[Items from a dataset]
-- -- --

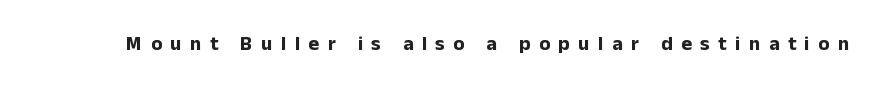
Q: Is the text bold? A: Yes.
Q: Is the text italic (slanted)? A: No, it is upright.
Q: Is the text underlined? A: No.
Q: Is the spacing between letters normal or unusually wide? A: Unusually wide.
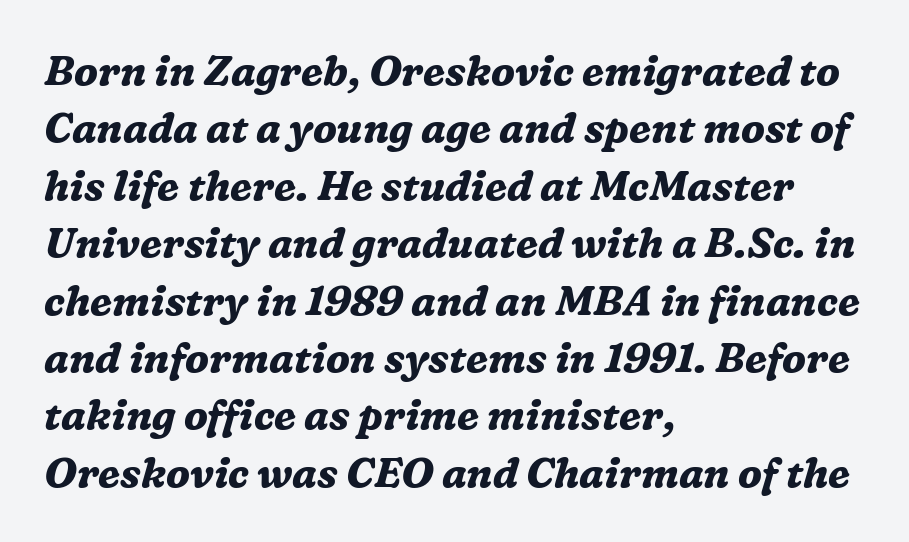
Between one letter and the next there's only the usual sliver of space. These lines are set flush left with a ragged right edge. How would I describe the line gaps? Plain and ordinary. Plenty of ink on the page — the face is bold. Is this a fixed-width face? No — the glyphs have proportional, varying widths. A clean baseline with only descenders dipping below it.
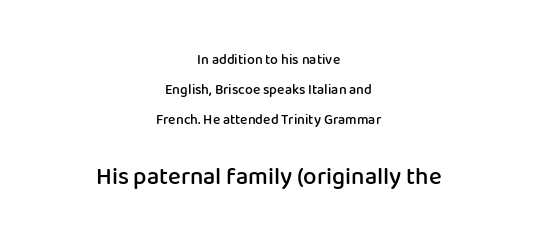
Q: Is the text bold? A: Semi-bold.
Q: Is the text italic (slanted)? A: No, it is upright.
Q: Is the text underlined? A: No.
Q: How is the paragraph aligned? A: Centered.
Q: Is the spacing between letters normal or unusually wide? A: Normal.
Q: Is the spacing between lines tight, normal or loose? A: Loose.
Q: Which block of text is set in a larger size, the first (top) or the second (bottom)? A: The second (bottom) one.
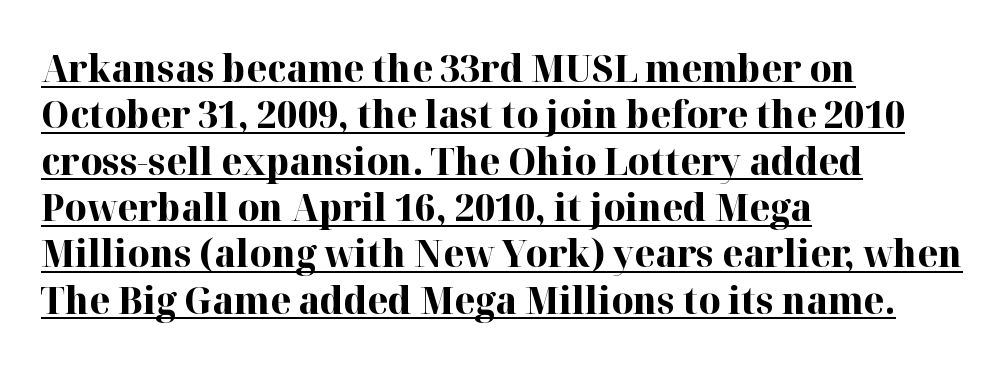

-- -- --

Task item:
The first line of the entries, the line containing "A: Unusually wide.", and every line between them are to be output exactly; pictures are not.

Result of the task:
Q: Is the text bold? A: Yes.
Q: Is the text italic (slanted)? A: No, it is upright.
Q: Is the text underlined? A: No.
Q: Is the spacing between letters normal or unusually wide? A: Unusually wide.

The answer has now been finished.